# Value of PMs in Hammond Organs



## Ocean (Oct 29, 2010)

Hi,
I am requesting some help figuring out the value of Pms in a Hammond Organ.

I found one for sale in my town for $50. 

I think I could get it for less, but I would like some ideas of values of the metals before I purchase.

Thanks!


----------



## jimdoc (Oct 29, 2010)

Here is some info from the forum;
http://goldrefiningforum.com/phpBB3/viewtopic.php?f=51&t=164&p=7547&hilit=hammond+organs#p7547

Scratch the part about the silver,in the organs as I only found that in a few,and it seemed as if it was plated.
I averaged about 2 dwt of palladium from the organs like M-3,just from the bussbars.
Then there is all the little contacts also.

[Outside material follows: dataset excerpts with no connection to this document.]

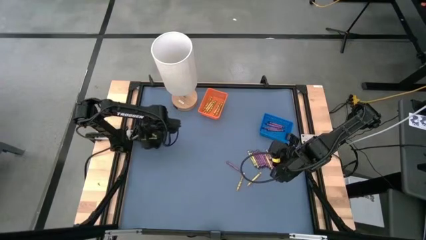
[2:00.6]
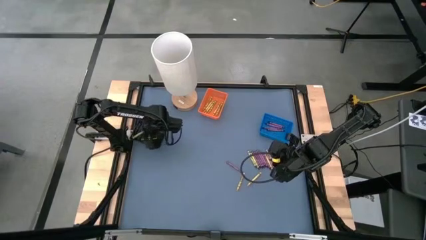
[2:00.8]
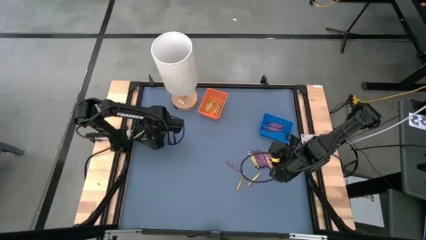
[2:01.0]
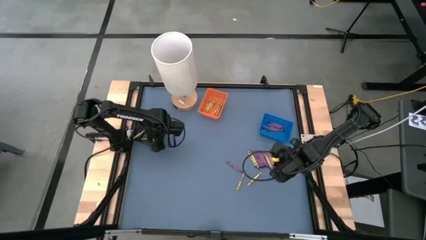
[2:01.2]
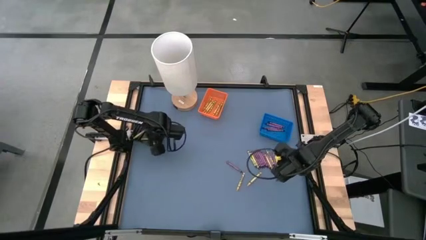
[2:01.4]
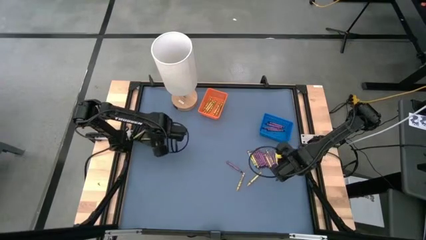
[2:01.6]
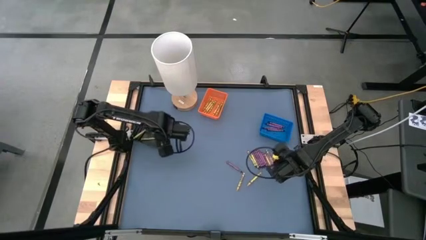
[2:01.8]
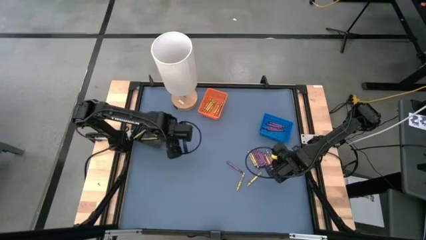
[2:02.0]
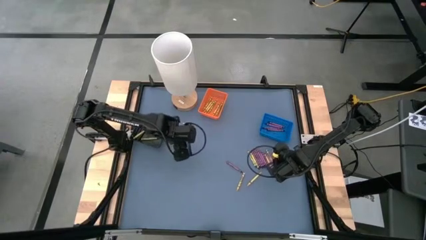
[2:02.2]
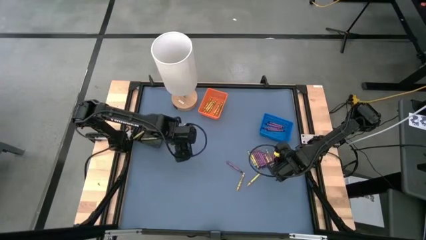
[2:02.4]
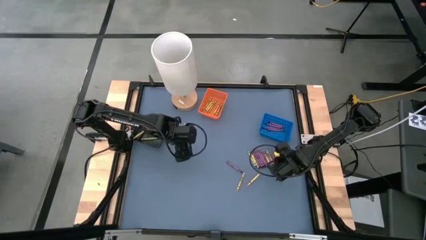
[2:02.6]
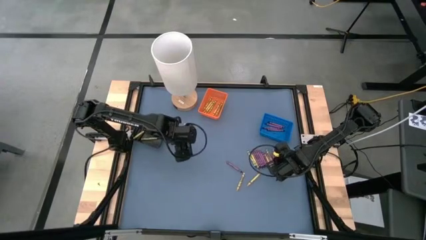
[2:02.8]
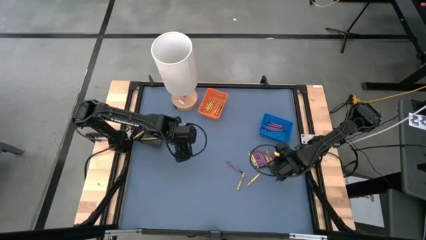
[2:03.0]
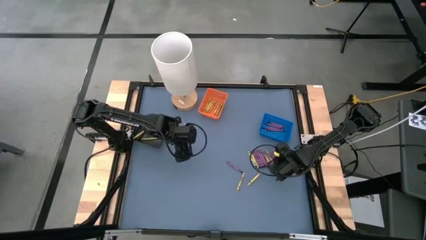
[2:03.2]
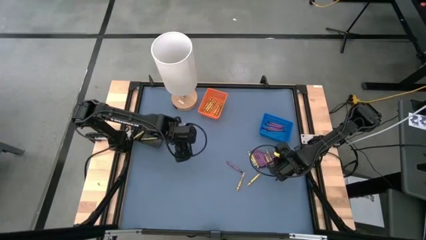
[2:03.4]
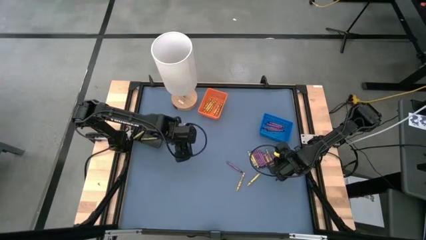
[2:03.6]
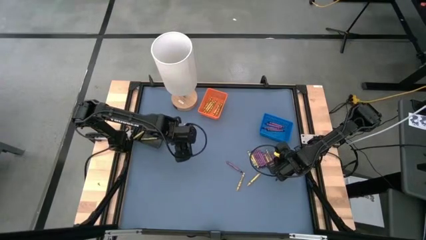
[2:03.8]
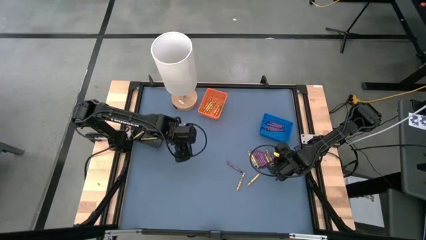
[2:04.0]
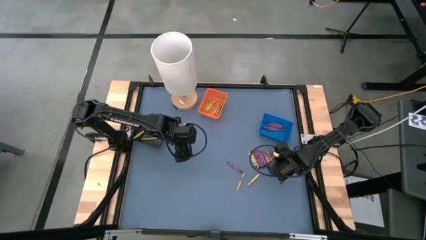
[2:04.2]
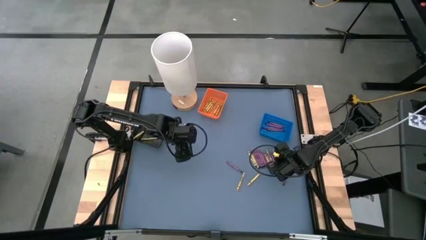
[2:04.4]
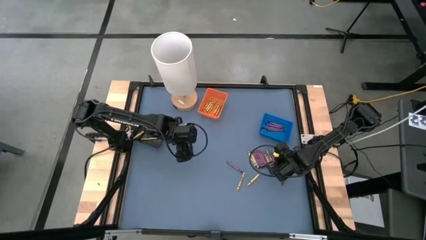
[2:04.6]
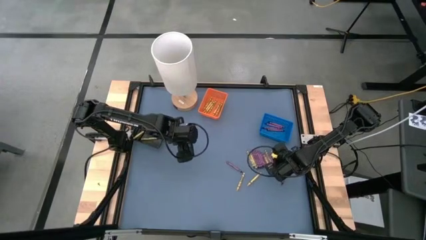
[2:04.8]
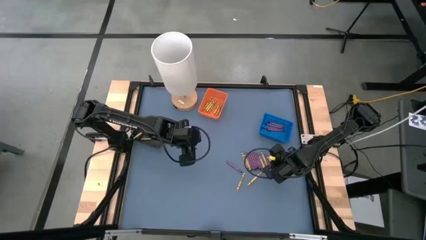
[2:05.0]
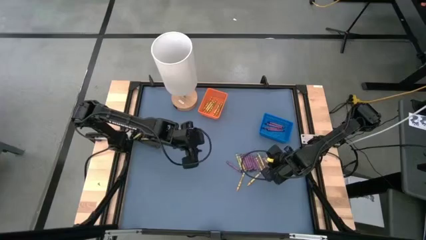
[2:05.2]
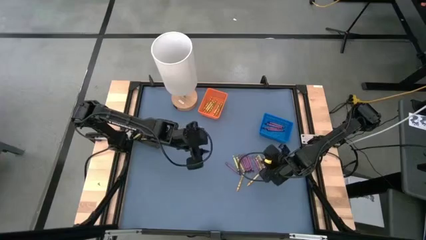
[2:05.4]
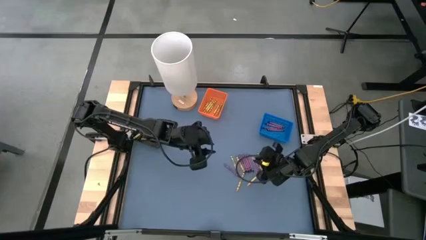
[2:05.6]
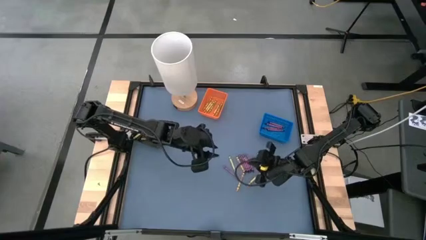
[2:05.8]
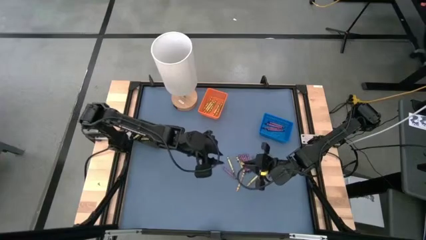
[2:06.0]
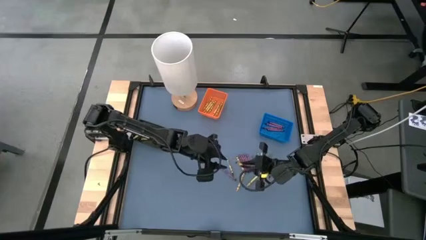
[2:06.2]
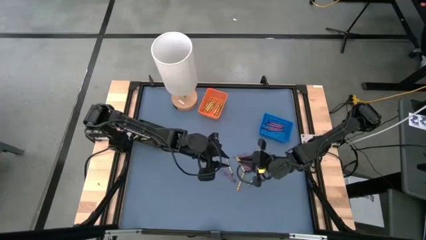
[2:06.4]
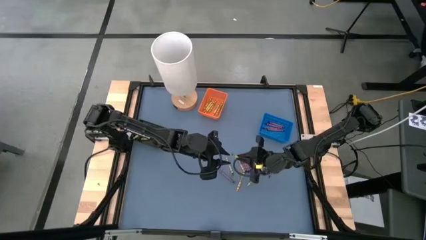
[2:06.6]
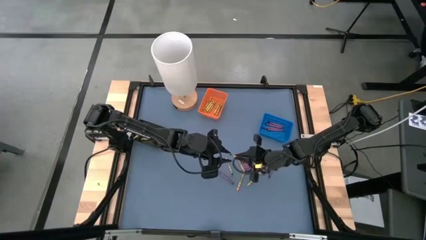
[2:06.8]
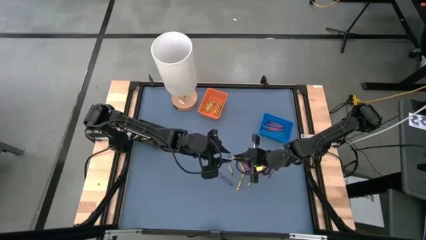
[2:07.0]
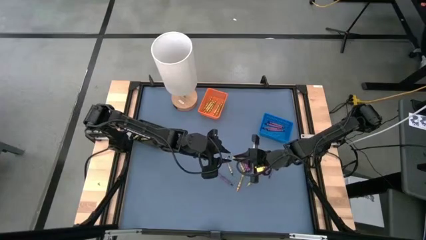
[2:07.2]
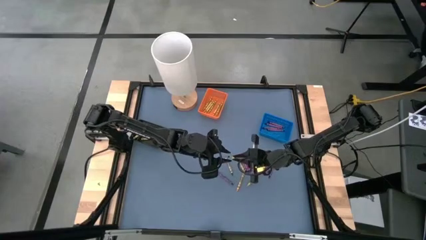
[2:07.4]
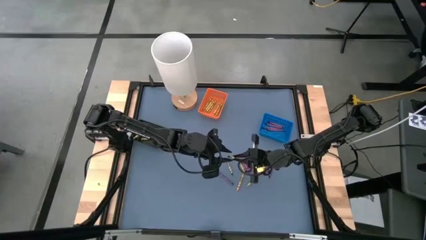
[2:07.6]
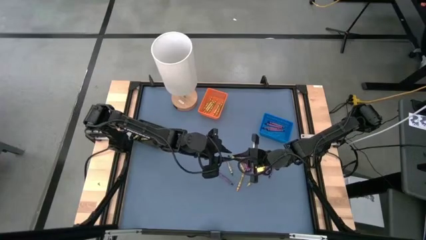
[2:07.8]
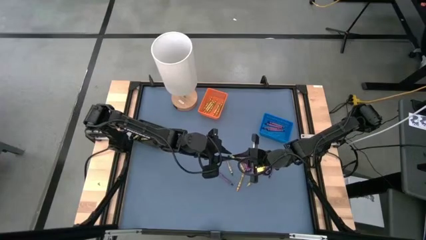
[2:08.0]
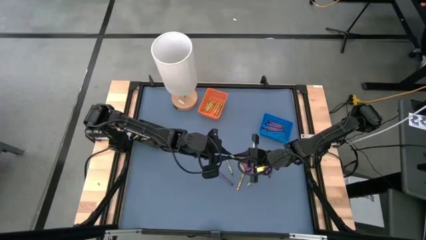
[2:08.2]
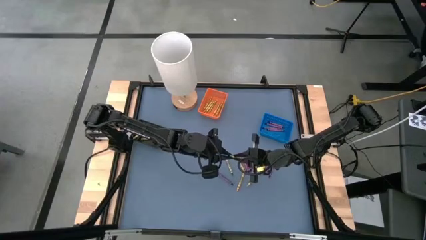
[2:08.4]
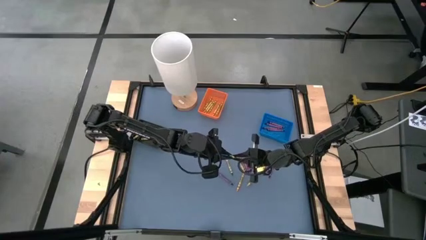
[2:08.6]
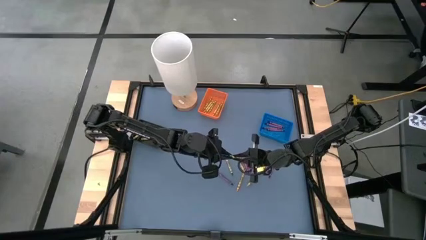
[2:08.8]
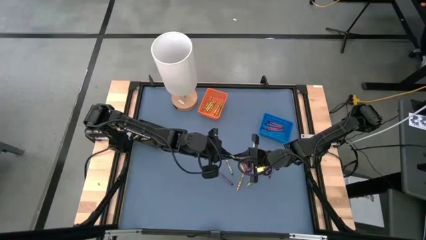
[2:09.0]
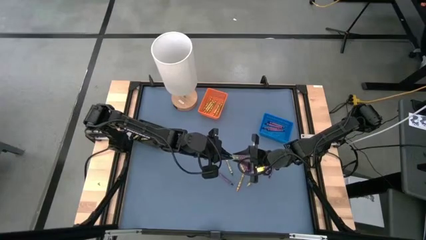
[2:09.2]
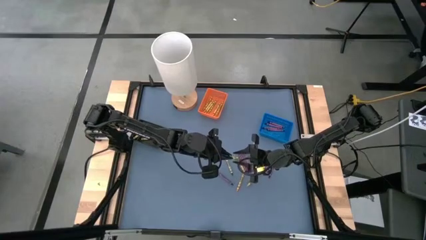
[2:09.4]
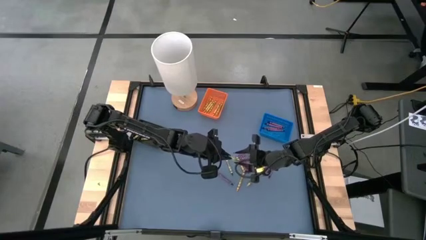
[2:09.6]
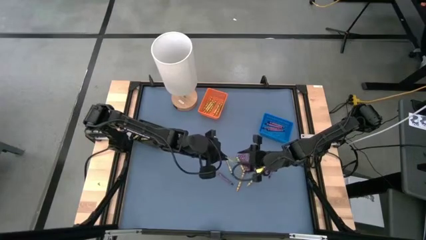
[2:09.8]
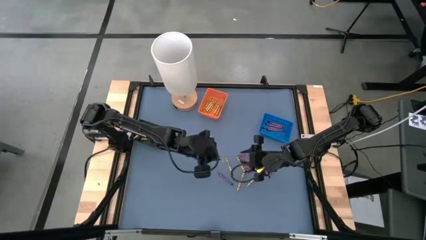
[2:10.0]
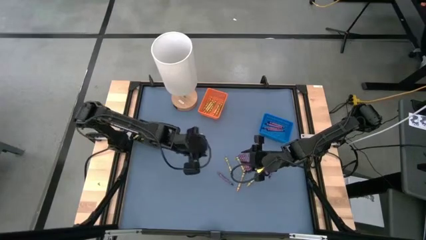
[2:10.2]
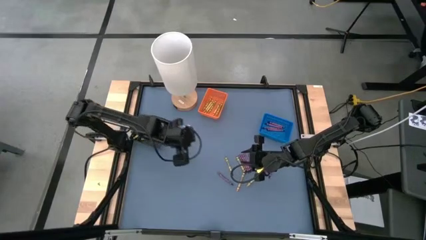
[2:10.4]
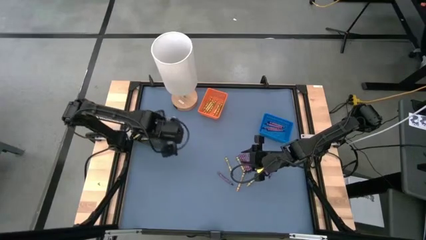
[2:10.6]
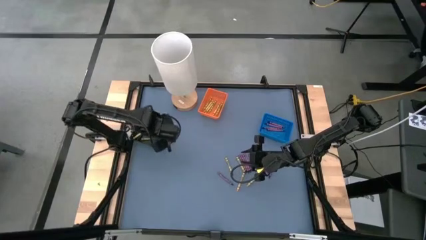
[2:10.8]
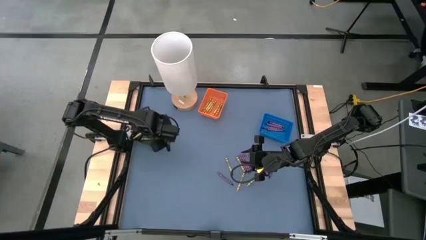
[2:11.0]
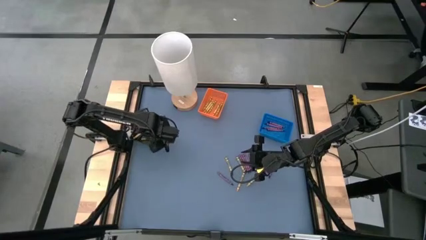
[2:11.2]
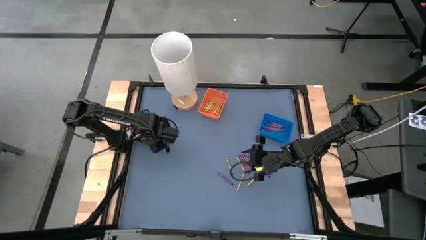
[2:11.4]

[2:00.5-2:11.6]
Task: Sort crayons
Put the green crayon into the black basket

Current 2 Dwt palladium value;
http://www.dendritics.com/scales/metal-calc.asp?WeightU=2&Units=dwt&Metal=Pd&PurityC=1.000&Purity=1&PrOzt=&CurrencyN=USD&Markup=0

It is also a pretty lot of work for the palladium.I got all mine for free,I lost count but probably got about 15 or so by now.There is a free one on Phila. Craigslist that I passed up on.I don't think I would pay $50 for one to scrap.

Jim


----------



## Ocean (Oct 30, 2010)

Thanks for the info.


----------



## jimdoc (Oct 30, 2010)

The Hammond CV had 5.4 dwt of palladium,so that one may be worth buying for $50.I just looked up the current value on that ($174.83);

http://www.dendritics.com/scales/metal-calc.asp?WeightU=5.4&Units=dwt&Metal=Pd&PurityC=1.000&Purity=1&PrOzt=&CurrencyN=USD&Markup=0

Jim


----------



## Ocean (Oct 31, 2010)

not sure of the model.

Have asked the lady and she doesn't know and can't/won't look on the back to tell me.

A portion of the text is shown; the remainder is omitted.